= The Search for King Solomon's Mines =

The Search for King Solomon's Mines is a documentary film based on the trail followed in Tahir Shah's 2002 book In Search of King Solomon's Mines. After the initial journeys through Ethiopia that resulted in Shah's book, he returned to the country with a film crew commissioned by National Geographic and Britain's Channel 4, to bring the search for the fabled mines to television. As a travel writer, having a film crew accompany him for the first time was a new experience for Shah. His work in researching books usually involves low-key methods of gaining information and making contacts.

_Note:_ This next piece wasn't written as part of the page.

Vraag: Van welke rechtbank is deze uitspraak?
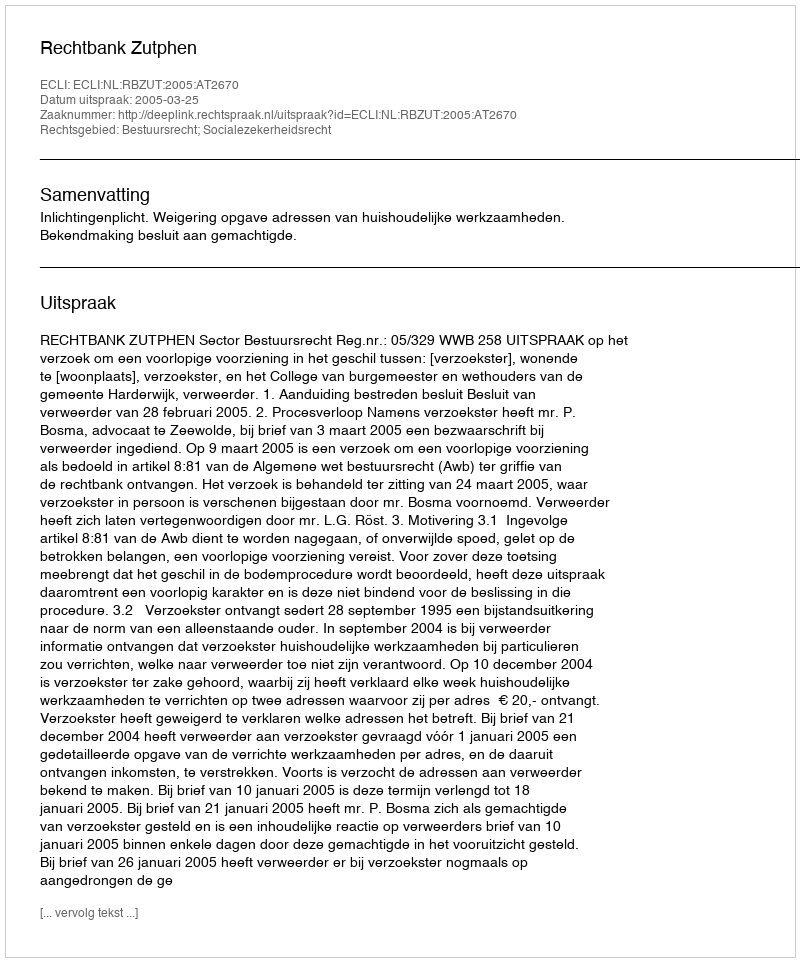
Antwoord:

For years, explorers have scoured the known world for the source of King Solomon's vast wealth. The Bible's king built a temple in Jerusalem that was said to be adorned with an abundance of gold. It was described as the most spectacular landmark of the ancient world. For Shah, the obvious place to begin the search was in Ethiopia. His journey took him to a remote cliff-face monastery, to the ruined castles of Gondar, and to the rock hewn churches at Lalibela. Farther south, Shah discovered a massive illegal gold mine, with thousands of men, women and children digging with their hands. The most difficult leg of the journey was to the "cursed mountain" of Mount Welel, where legend places an ancient mine shaft, once the entrance to Solomon's own mines.

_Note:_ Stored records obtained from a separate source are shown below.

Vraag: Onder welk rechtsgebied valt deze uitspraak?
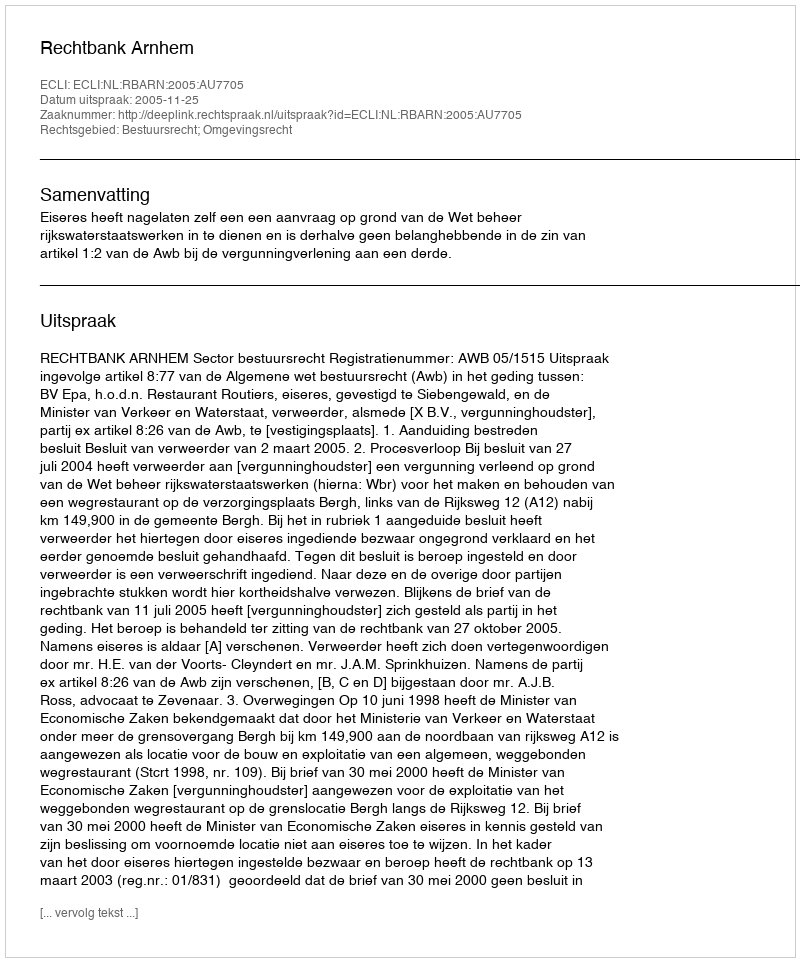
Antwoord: Bestuursrecht; Omgevingsrecht
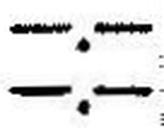
—.—
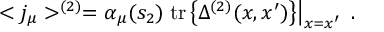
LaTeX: < j _ { \mu } > ^ { ( 2 ) } = \alpha _ { \mu } ( s _ { 2 } ) \left. \mathrm { t r } \left\{ \Delta ^ { ( 2 ) } ( x , x ^ { \prime } ) \right\} \right| _ { x = x ^ { \prime } } \; .

The film (which was made by Double Exposure Limited, London) has both supporters and critics. On his personal website, Shah stated that "one point that is important to this and the other documentaries I have made, is that I fall over backwards to show it like it is -- or was. The journeys which form the books and films I end up producing are all too often hard as hell. Tempers fray. Abuses fly. Covering all that up is, I believe, a grand mistake... so for my part I asked that it was all left in. The result is a piece of film making on the edge."